E tuttavia, come a Tel Aviv sanno perfettamente, non fa nulla neanche l’Europa. Anzi, in questi anni di escalation repressiva Bruxelles ha incrementato gli accordi politico-economici con Israele. Nel ’95 Tel Aviv è divenuta partner ufficiale nell’ambito del “Partenariato Euro-Mediterraneo”, attraverso la Dichiarazione di Barcellona, che imponeva, a titolo di “clausole essenziali” (pena la rottura degli accordi), la risoluzione pacifica dei conflitti, il rispetto dei diritti umani e dell’integrità territoriale degli altri partner (inclusi Libano, Siria e Autorità Palestinese), nonché «di agire in conformità alla Carta delle Nazioni Unite e alla Dichiarazione Universale dei Diritti dell’Uomo, così come agli altri obblighi del diritto internazionale, ed in particolare quelli dettati dagli organismi internazionali o regionali di cui fanno parte». Ora, tra occupazioni, colonizzazioni, invasioni militari, embarghi illeciti, costruzioni di impianti nucleari (gli unici in Medioriente) impedendone l’accesso agli ispettori dell’Aiea, l’annessione di Gerusalemme e del Golan, sono una trentina le risoluzioni del Consiglio di Sicurezza Onu sistematicamente violate da Israele.

Ma, anziché rescindere quel partenariato - e magari introdurre qualche sanzione come si fa ad esempio con l’Iran - l’Europa lo ha arricchito di nuove intese commerciali (e militari), che consentono a Tel Aviv un interscambio duty-free col Vecchio continente pari oramai a oltre un terzo del suo import-export. L’ultimo di tali accordi è stato siglato nel 2008, alla vigilia di Piombo Fuso, sulla spinta, in particolare, della Francia di Sarkozy. La data, e l’attore istituzionale di riferimento, non sono casuali. Mostrano da un lato come l’asse politico europeo si sia decisamente spostato col cambio di rotta di Parigi, ovvero di uno dei due principali alleati storici dei palestinesi. Il secondo era l’Italia che, per compiacere alla Casa Bianca, è ora arrivata al punto da associarsi al no americano a un’indagine sull’attacco alla Flotilla, con tanto di sentenza emessa a tutta pagina dal «Giornale» del premier: «Hanno fatto bene a sparare». E mostrano dall’altro come la crescente ambiguità continentale sia complice delle aggressioni israeliane non solo verso i palestinesi, ma anche nei confronti di ogni forma di dissenso.

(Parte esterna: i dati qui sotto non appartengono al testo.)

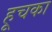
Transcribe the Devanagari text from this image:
हूचका
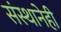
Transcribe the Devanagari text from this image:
संस्थानेही
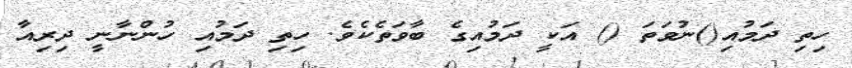
ހިތި ދަމުއި()ނުވަތަ () އަކީ ދަމުއިގެ ބާވަތެކެވެ. ހިތި ދަމުއި ހުންނާނީ ދިރިއާ
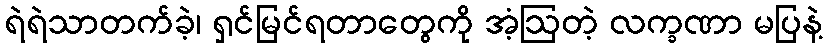
ရဲရဲသာတက်ခဲ့၊ ရှင်မြင်ရတာတွေကို အံ့ဩတဲ့ လက္ခဏာ မပြနဲ့
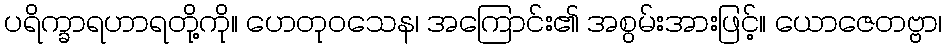
ပရိက္ခာရဟာရတို့ကို။ ဟေတုဝသေန၊ အကြောင်း၏ အစွမ်းအားဖြင့်။ ယောဇေတဗ္ဗာ၊
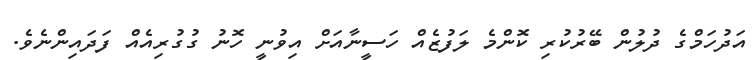
އަދުހަމްގެ ދުލުން ބޭރުކުރި ކޮންމެ ލަފުޒެއް ހަސީނާއަށް އިވުނީ ހޮނު ގުގުރިއެއް ފަދައިންނެވެ.
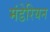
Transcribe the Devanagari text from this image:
मंडेरियन
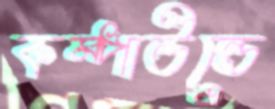
কম্পাউন্ডে
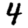
Digit: 4
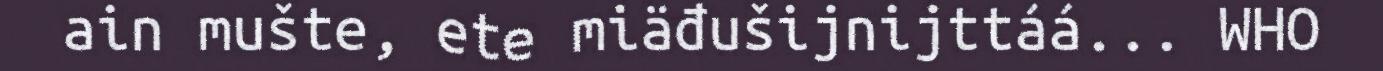
ain mušte, ete miäđušijnijttáá... WHO
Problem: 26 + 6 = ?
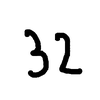
Handwritten answer: 32
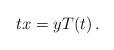
LaTeX: \begin{align*}tx=y T(t)\,.\end{align*}
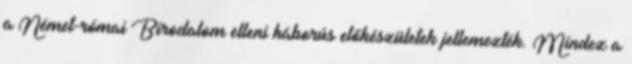
a Német-római Birodalom elleni háborús előkészületek jellemezték. Mindez a
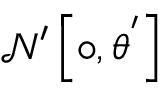
\mathcal { N } ^ { \prime } \left[ \circ , \theta ^ { ' } \right]
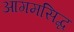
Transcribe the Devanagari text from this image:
आगमसिद्ध
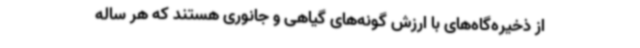
از ذخیره‌گاه‌های با ارزش گونه‌های گیاهی و جانوری هستند که هر ساله
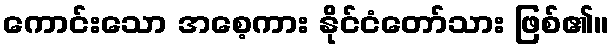
ကောင်းသော အစေ့ကား နိုင်ငံတော်သား ဖြစ်၏။
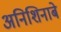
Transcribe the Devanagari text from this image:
अनिशिनाबे
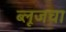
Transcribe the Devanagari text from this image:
ब्लूजचा
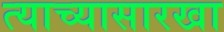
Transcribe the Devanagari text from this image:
त्याच्यासारखा
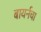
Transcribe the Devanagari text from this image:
बायर्नचा
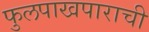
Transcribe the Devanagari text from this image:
फुलपाखपाराची
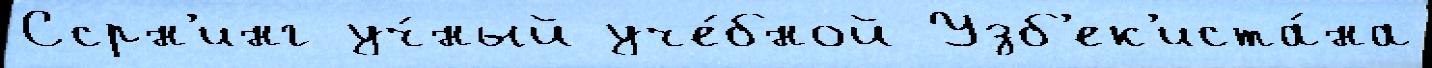
Ссрн'инг уч́ный уче́бной Узб'ек'иста́на
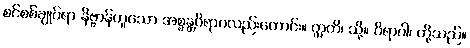
စင်စစ်ချုပ်ရာ နိဗ္ဗာန်ဟူသော အစ္စန္တဝိရာဂလည်းကောင်း။ ဣတိ၊ သို့။ ဝိရာဂါ၊ တို့သည်။
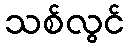
သစ်လွင်

Gli esempi di tale causalità sono costanti e progressivi, e non risparmiano neppure gli esponenti politico-istituzionali.

L’11 giugno 2008, la poco allineata vice-console transalpina di Gerusalemme è stata trattenuta in un check-point per diciassette ore in condizioni degradanti. Sei mesi dopo un locale funzionario consolare si è visto derubare e saccheggiare la casa dai militari israeliani. Gli stessi soldati, altri sei mesi più tardi, hanno bloccato la direttrice del centro culturale francese di Nablus, tirandola fuori dall'auto con targa diplomatica, gettandola a terra e picchiandola.

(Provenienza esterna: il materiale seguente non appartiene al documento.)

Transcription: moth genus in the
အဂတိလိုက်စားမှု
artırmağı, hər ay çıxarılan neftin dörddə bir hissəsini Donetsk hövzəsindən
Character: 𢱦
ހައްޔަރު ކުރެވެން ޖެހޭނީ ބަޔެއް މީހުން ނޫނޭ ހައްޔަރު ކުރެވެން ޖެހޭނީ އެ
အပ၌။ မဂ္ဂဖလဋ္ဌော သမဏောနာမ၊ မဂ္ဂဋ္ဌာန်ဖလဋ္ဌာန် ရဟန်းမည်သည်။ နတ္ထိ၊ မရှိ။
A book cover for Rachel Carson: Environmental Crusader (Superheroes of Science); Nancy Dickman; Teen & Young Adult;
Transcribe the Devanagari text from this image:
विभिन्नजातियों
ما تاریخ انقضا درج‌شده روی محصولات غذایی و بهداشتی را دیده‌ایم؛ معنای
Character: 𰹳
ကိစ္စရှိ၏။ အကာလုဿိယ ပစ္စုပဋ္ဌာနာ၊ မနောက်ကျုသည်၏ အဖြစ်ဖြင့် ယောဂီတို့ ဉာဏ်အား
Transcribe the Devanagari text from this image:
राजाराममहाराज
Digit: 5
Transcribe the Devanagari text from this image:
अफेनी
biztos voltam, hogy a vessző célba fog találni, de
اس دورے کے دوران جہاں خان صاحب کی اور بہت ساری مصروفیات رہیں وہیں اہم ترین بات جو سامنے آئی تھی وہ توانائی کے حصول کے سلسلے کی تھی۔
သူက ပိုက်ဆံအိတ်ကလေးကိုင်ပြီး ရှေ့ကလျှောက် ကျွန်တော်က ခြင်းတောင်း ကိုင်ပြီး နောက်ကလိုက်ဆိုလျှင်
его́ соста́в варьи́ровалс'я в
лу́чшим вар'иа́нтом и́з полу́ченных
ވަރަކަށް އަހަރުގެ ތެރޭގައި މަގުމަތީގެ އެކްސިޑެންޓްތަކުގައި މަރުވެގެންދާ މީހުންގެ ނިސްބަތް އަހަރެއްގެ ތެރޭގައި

Alla fine dell’anno scorso una delegazione bipartisan del Parlamento Europeo aveva ricevuto la formale autorizzazione a visitare la Striscia di Gaza. Ma a due ore dal previsto ingresso Tel Aviv ha sbattuto loro la porta, adducendo le consuete “ragioni di sicurezza”.

Israele mostra i muscoli, e lo fa anche verso l'Europa. Anzi, lo fa soprattutto verso l'Europa, stando anche al racconto di diversi attivisti della Flotilla, secondo i quali le forze israeliane hanno aperto il fuoco contro molti passeggeri facendo però diplomatica attenzione a evitare gli arabi. L'attenzione verso gli europei invece non serve, perché i loro referenti politici lo autorizzano.

All'indomani del blocco israeliano alla missione europea a Gaza, il ministro Frattini è andato a stringere le mani ai vertici di Tel Aviv. E all'indomani del voto contrario dell'Italia a un'inchiesta dell'Onu, il sottosegretario Scotti ha spiegato in Parlamento che «bisogna fidarsi delle indagini israeliane». Sapendo già che sono state chiuse prima ancora di poter iniziare, con una sentenza della Corte Suprema che ha archiviato l'attacco armato alla Freedom Flotilla come “atto di autodifesa”.